I was perusing the internet today and found this statistic which blew me away, just wondering if any of you have heard this number before. If you folks have been formally diagnosed, you are "lucky" in at least one sense, you have a name to call your condition. The rest of us somewhere between male and female people have got to contend with the public and doctors who really don't know what to call us.

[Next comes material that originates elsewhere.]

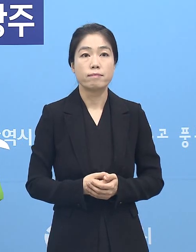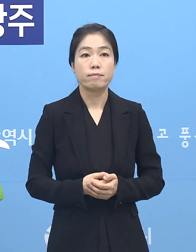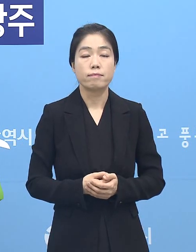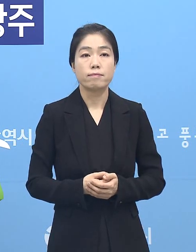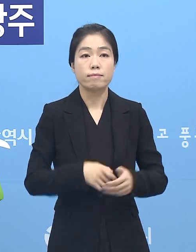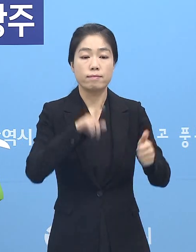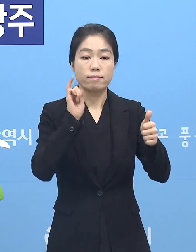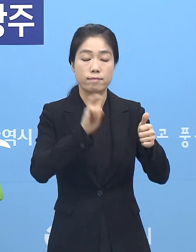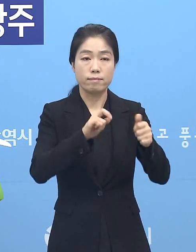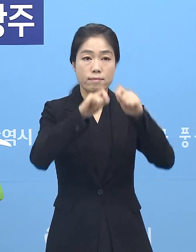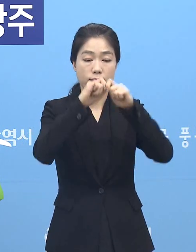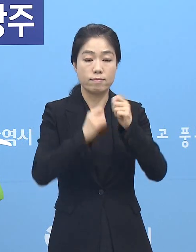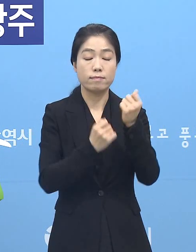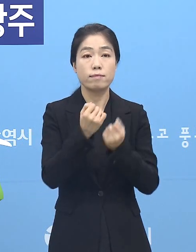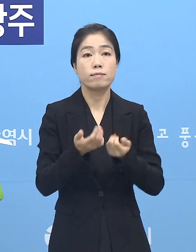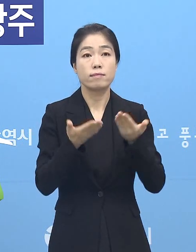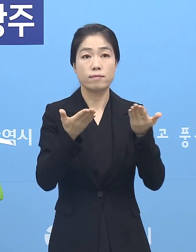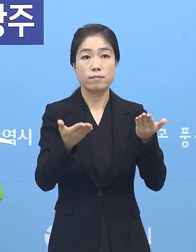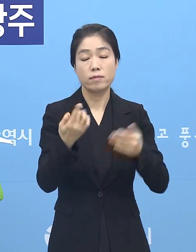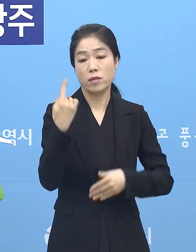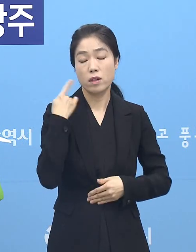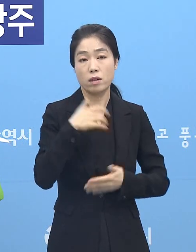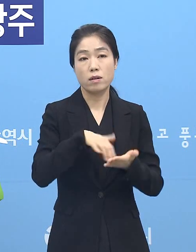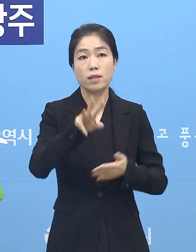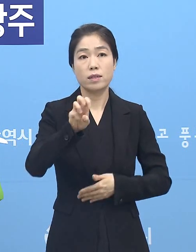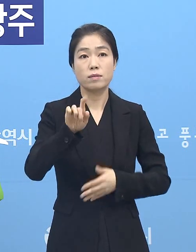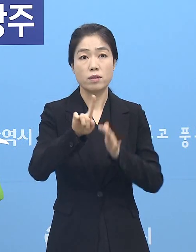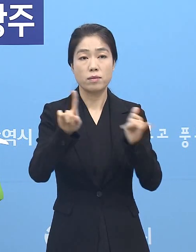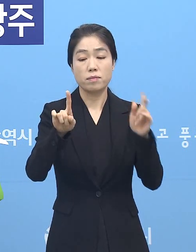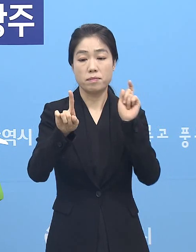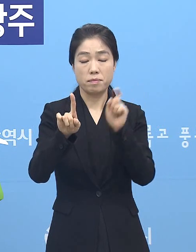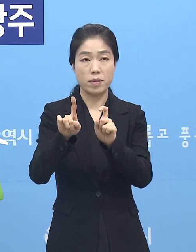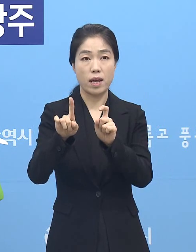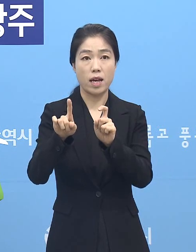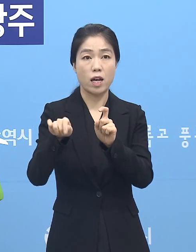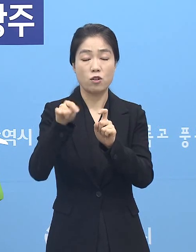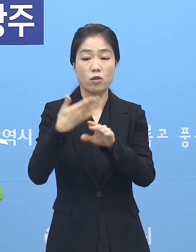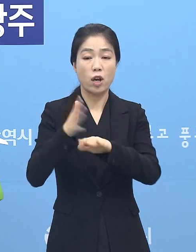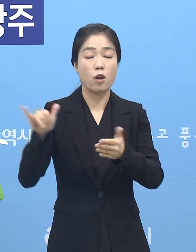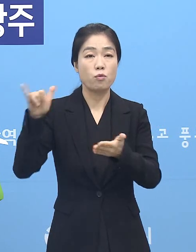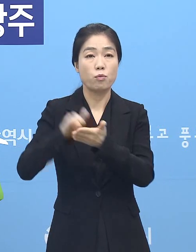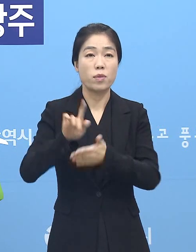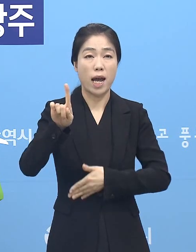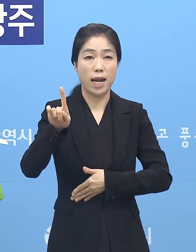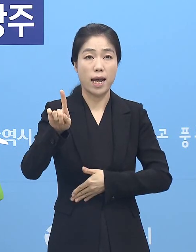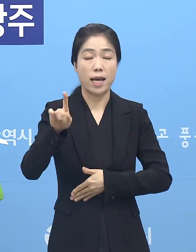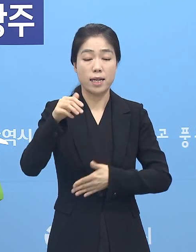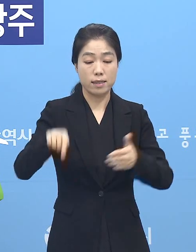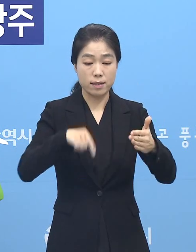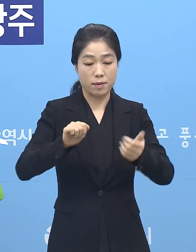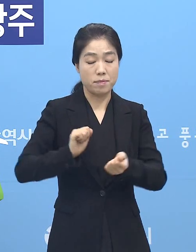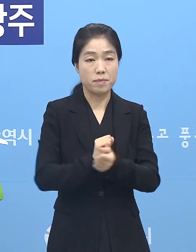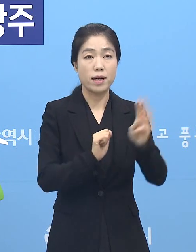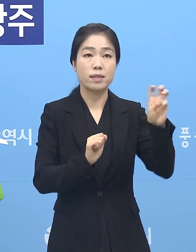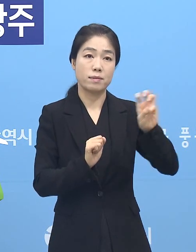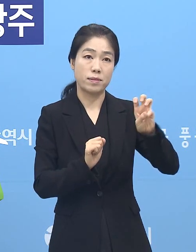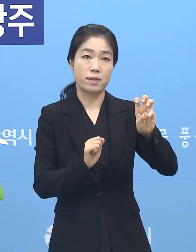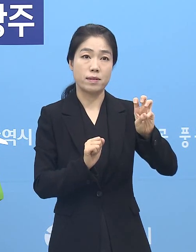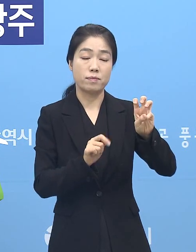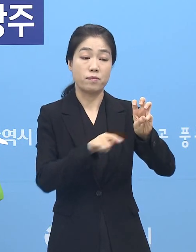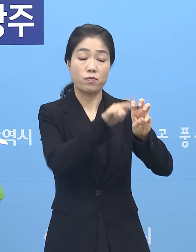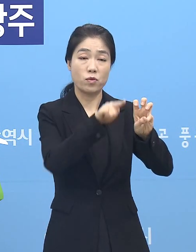확진자별 세부현황입니다. 어제 31명 발생자 중 해외유입 1명 있었고요. 지역감염 30명인데

I spoke on the phone for 2 1/2 hours to a "true hermaphrodite" who was born with ambiguous genitalia, consisting of a very small penis and a blind ending vagina. At puberty she never got breasts and grew a beard and hair on the chest and formed a masculine bone structure. She got so tired of being mistaken for a man in drag she finally began living as a male full time and is responsible for a landmark California legal precident that allows people to change their gender on legal documents without going under the knife. He is my exact opposite, having been believed to be a girl until puberty and I have been raised as male and did pretty well until recently when I could no longer live in denial about all my female "complications". All the doctors could tell him was that he has a 46xx female karotype and that some of the genes must have just translocated. Also he contracted terrible osteoperosis even though he took a lifetime of homone replacement therapy.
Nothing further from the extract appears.